● What is required
Extract the records below word for word and ignore the images.

======

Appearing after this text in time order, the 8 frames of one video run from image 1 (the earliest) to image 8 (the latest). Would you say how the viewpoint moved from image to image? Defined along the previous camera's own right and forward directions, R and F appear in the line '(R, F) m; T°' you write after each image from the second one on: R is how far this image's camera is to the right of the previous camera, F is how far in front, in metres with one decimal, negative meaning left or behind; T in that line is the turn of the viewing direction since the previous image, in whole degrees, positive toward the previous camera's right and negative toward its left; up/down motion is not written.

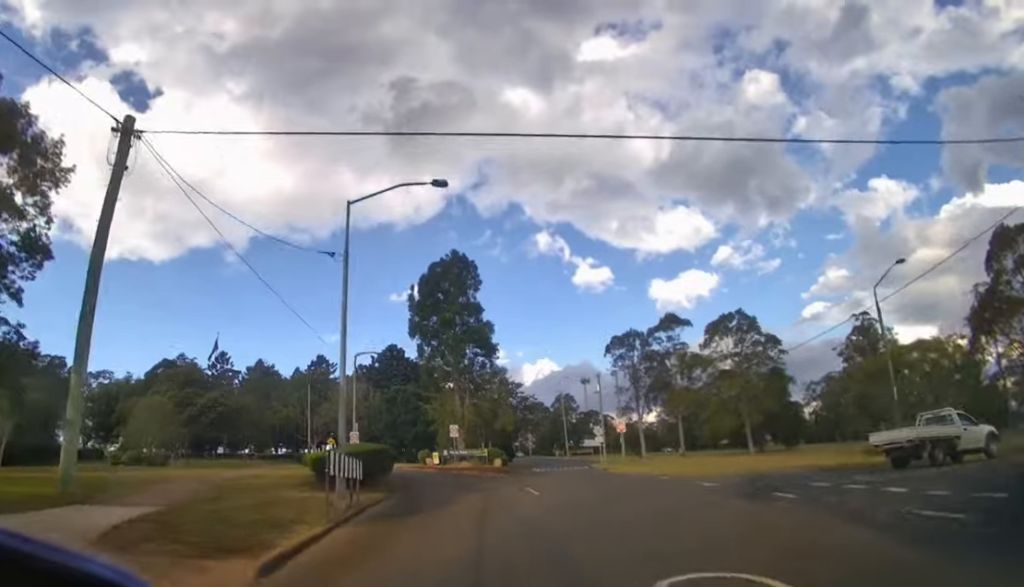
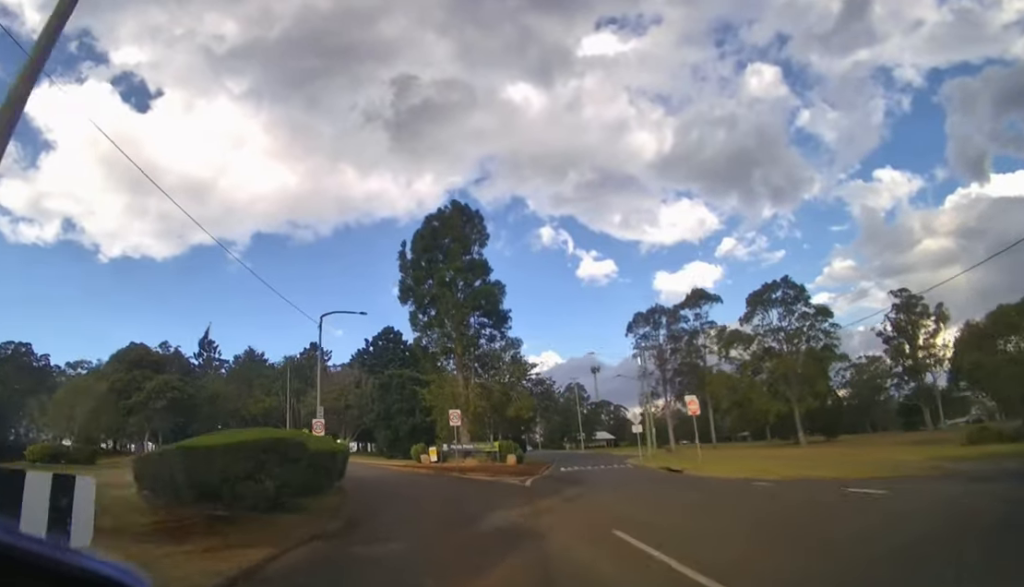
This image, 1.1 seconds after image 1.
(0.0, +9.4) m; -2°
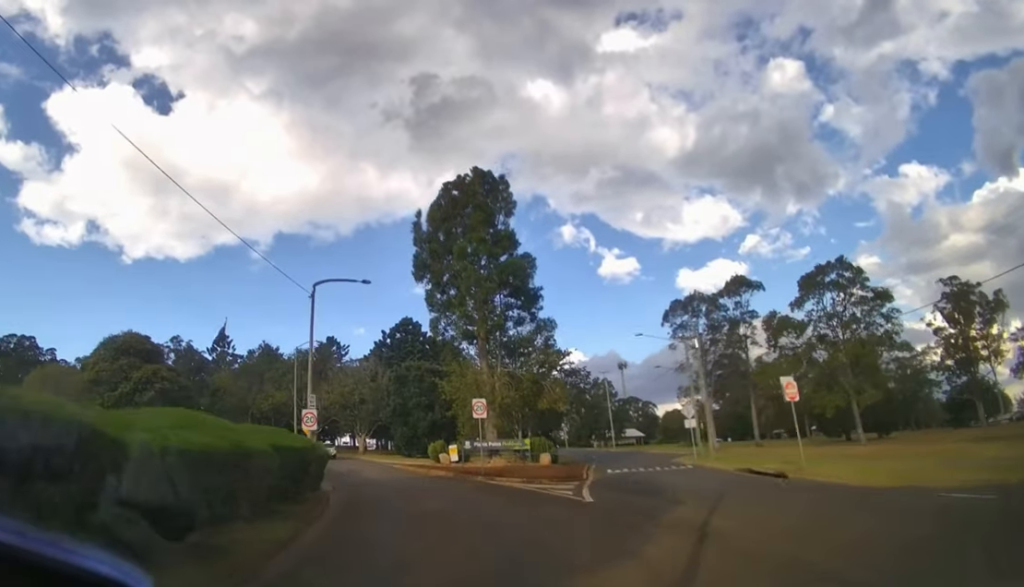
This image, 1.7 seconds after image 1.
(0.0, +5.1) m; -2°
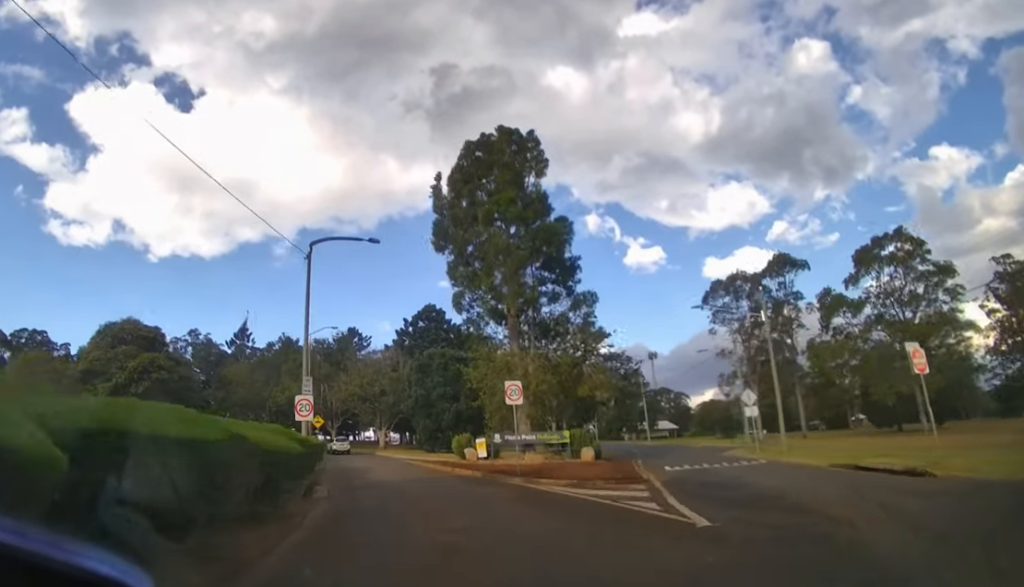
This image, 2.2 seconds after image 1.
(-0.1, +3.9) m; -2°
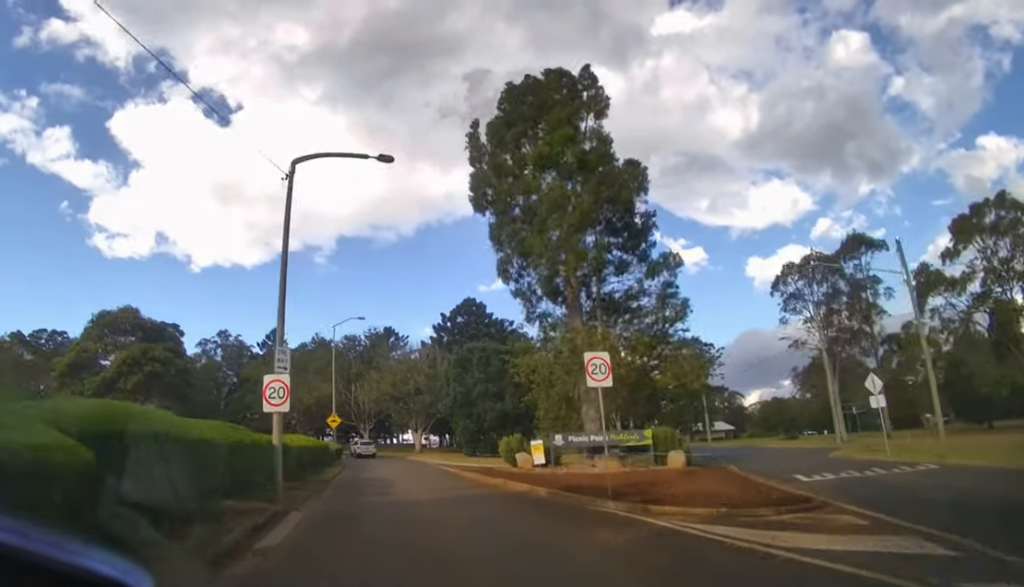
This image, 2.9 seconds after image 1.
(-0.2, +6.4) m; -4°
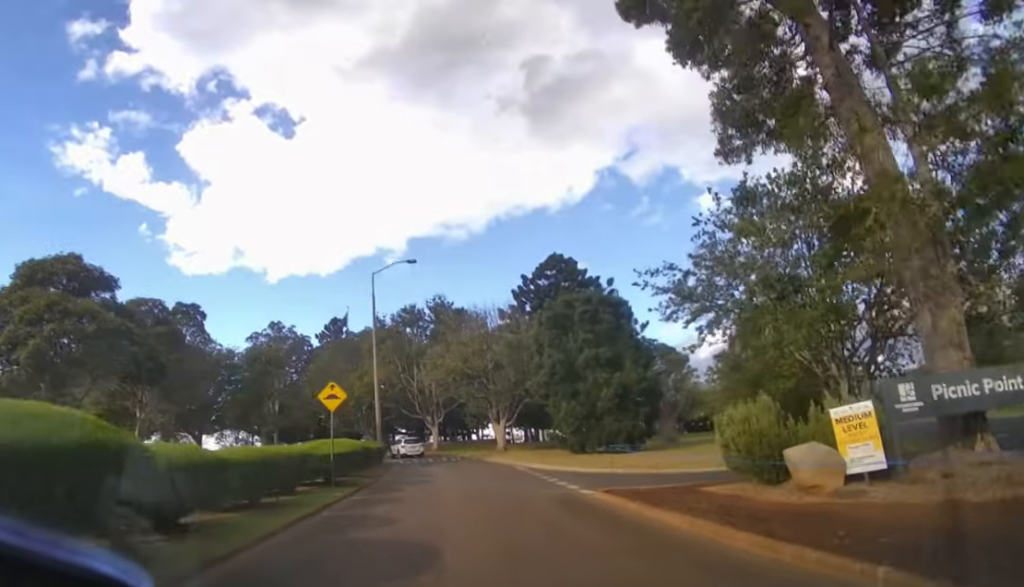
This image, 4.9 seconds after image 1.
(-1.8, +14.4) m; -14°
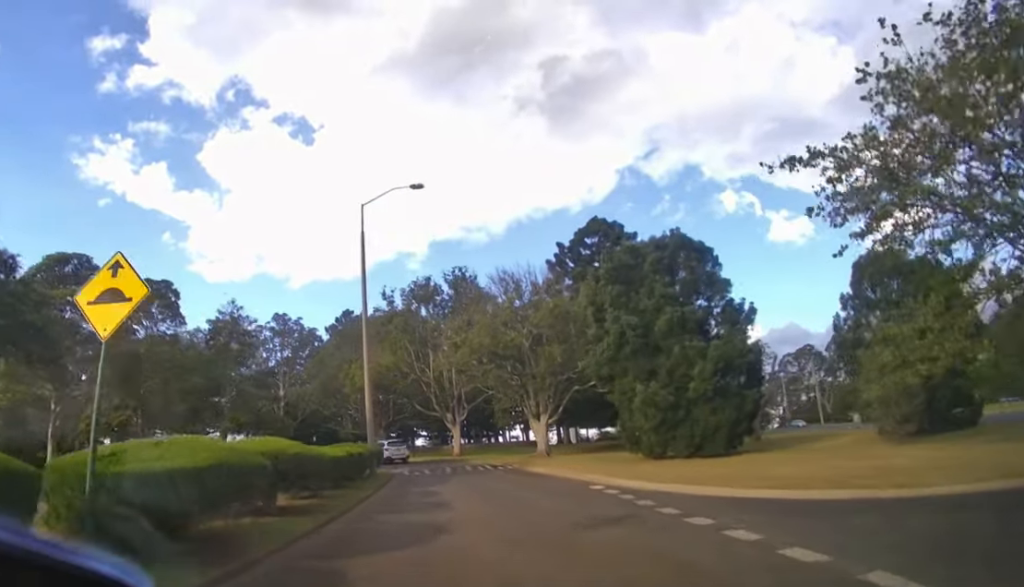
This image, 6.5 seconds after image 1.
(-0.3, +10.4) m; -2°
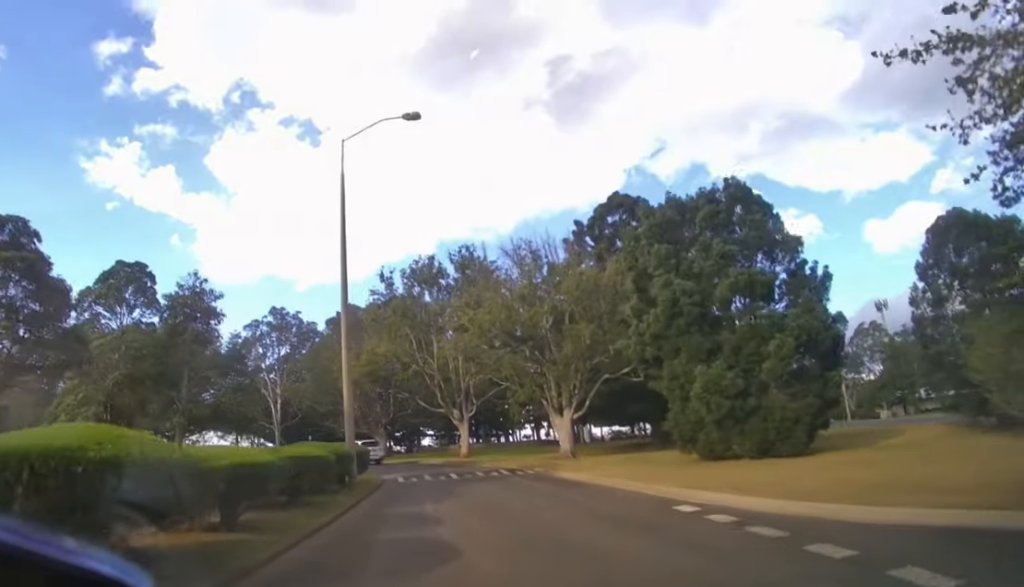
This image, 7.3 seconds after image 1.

======

● Task answer
Appearing after this text in time order, the 8 frames of one video run from image 1 (the earliest) to image 8 (the latest). Would you say how the viewpoint moved from image to image? Defined along the previous camera's own right and forward directions, R and F appear in the line '(R, F) m; T°' you write after each image from the second one on: R is how far this image's camera is to the right of the previous camera, F is how far in front, in metres with one decimal, negative meaning left or behind; T in that line is the turn of the viewing direction since the previous image, in whole degrees, positive toward the previous camera's right and negative toward its left; up/down motion is not written.

This image, 1.1 seconds after image 1.
(0.0, +9.4) m; -2°
This image, 1.7 seconds after image 1.
(0.0, +5.1) m; -2°
This image, 2.2 seconds after image 1.
(-0.1, +3.9) m; -2°
This image, 2.9 seconds after image 1.
(-0.2, +6.4) m; -4°
This image, 4.9 seconds after image 1.
(-1.8, +14.4) m; -14°
This image, 6.5 seconds after image 1.
(-0.3, +10.4) m; -2°
This image, 7.3 seconds after image 1.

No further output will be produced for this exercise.